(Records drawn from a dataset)
----
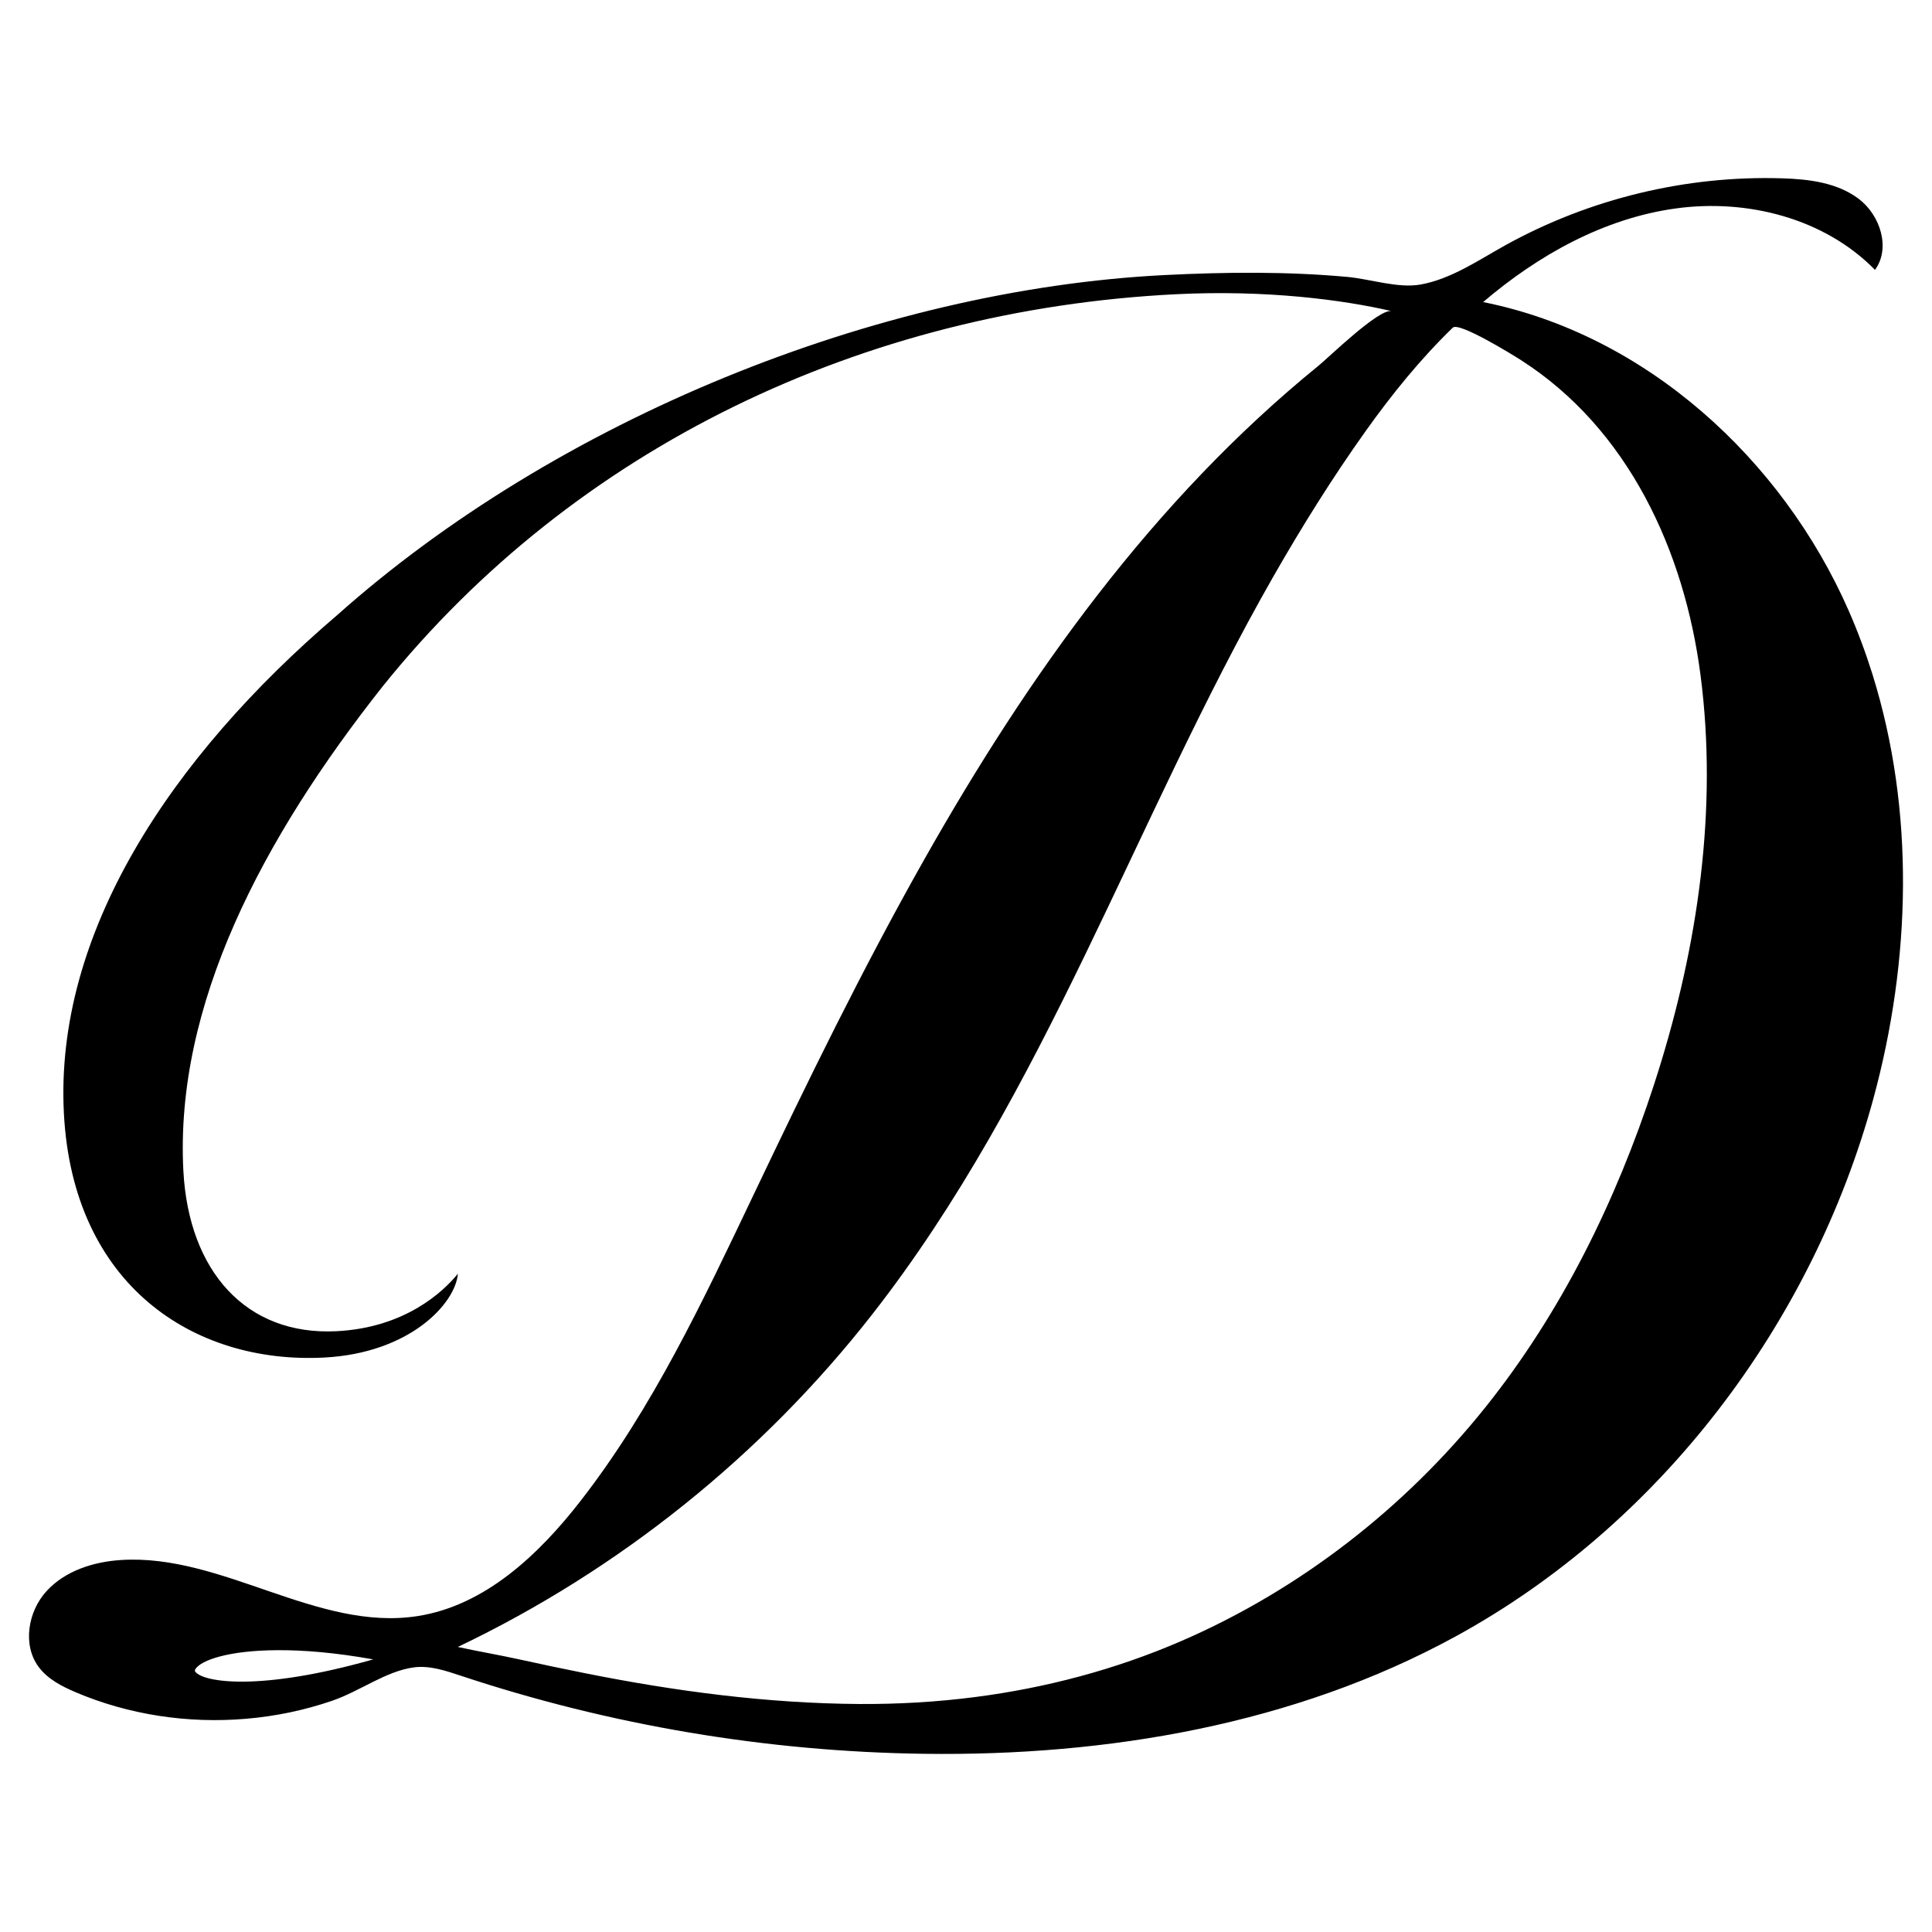 <svg xmlns="http://www.w3.org/2000/svg" version="1.1" xmlns:xlink="http://www.w3.org/1999/xlink" width="200" height="200"><svg width="200" height="200" viewBox="0 0 200 200" fill="none" xmlns="http://www.w3.org/2000/svg">
<path d="M193.852 69.847C193.146 67.593 192.322 65.376 191.371 63.204C184.463 47.486 170.351 34.632 153.534 31.27C159.224 26.412 166.028 22.611 173.433 21.584C180.838 20.55 188.868 22.589 194.097 27.937C195.746 25.691 194.639 22.269 192.418 20.588C190.197 18.907 187.263 18.542 184.485 18.46C174.555 18.148 164.55 20.565 155.852 25.378C153.074 26.918 150.236 28.882 147.057 29.455C144.725 29.871 141.88 28.889 139.481 28.666C133.197 28.093 126.876 28.16 120.585 28.473C90.719 29.968 57.539 43.506 34.892 63.687C17.578 78.475 5.635 96.678 6.615 115.267C7.544 133.031 20.029 141.213 33.511 140.536C42.431 140.09 47.148 134.935 47.401 131.855C45.841 133.774 41.874 137.457 34.825 137.806C25.489 138.275 19.532 131.61 18.982 121.196C18.084 104.042 27.16 86.799 39.639 71.022C59.552 46.273 89.374 32.08 121.722 30.459C131.058 29.99 139.013 31.032 144.064 32.207C142.764 31.902 137.572 36.983 136.48 37.868C119.352 51.793 106.45 69.906 95.658 89.009C89.278 100.3 83.588 111.972 78.01 123.68C72.788 134.637 67.581 145.736 60.139 155.324C55.794 160.926 50.201 166.222 43.204 167.301C32.827 168.9 23.015 160.829 12.542 161.491C9.69 161.669 6.749 162.599 4.818 164.712C2.886 166.824 2.3 170.306 4.023 172.589C4.959 173.832 6.4 174.568 7.826 175.178C13.352 177.529 19.465 178.436 25.437 177.93C28.482 177.678 31.49 177.053 34.38 176.063C37.269 175.074 39.958 172.984 42.862 172.604C44.496 172.396 46.123 172.947 47.69 173.467C63.147 178.6 79.399 181.337 95.68 181.553C114.643 181.806 133.985 178.518 150.638 169.428C171.851 157.846 187.605 137.018 193.948 113.668C197.825 99.385 198.234 83.913 193.852 69.854V69.847ZM20.238 173.08C20.171 172.999 20.134 172.932 20.238 172.768C20.847 171.846 23.699 170.856 28.66 170.827C31.364 170.804 34.699 171.072 38.636 171.779C26.855 175.126 21.092 174.137 20.238 173.08ZM171.591 111.124C171.465 111.533 171.331 111.935 171.205 112.336C167.298 124.312 161.66 135.805 153.802 145.639C145.438 156.105 134.542 164.578 122.249 169.897C115.468 172.828 108.278 174.732 100.954 175.677C96.987 176.19 92.984 176.42 88.981 176.398C79.428 176.339 69.906 175.081 60.547 173.207C58.267 172.753 55.994 172.27 53.721 171.771C51.619 171.31 49.495 170.953 47.393 170.492C64.076 162.532 78.879 150.66 90.273 136.088C108.24 113.117 117.458 84.835 131.801 59.708C134.757 54.538 137.914 49.48 141.375 44.622C144.086 40.821 147.035 37.169 150.392 33.918C151.039 33.293 156.647 36.767 157.382 37.235C168.59 44.377 174.376 57.074 176.04 69.906C177.838 83.749 175.765 97.868 171.598 111.109L171.591 111.124Z" fill="black"></path>
</svg><style>@media (prefers-color-scheme: light) { :root { filter: none; } }
@media (prefers-color-scheme: dark) { :root { filter: invert(100%); } }
</style></svg>
----
**Your assignment:**
Every line in the data that holds the string "scheme" should be copied.

**Response for this exercise:**
</svg><style>@media (prefers-color-scheme: light) { :root { filter: none; } }
@media (prefers-color-scheme: dark) { :root { filter: invert(100%); } }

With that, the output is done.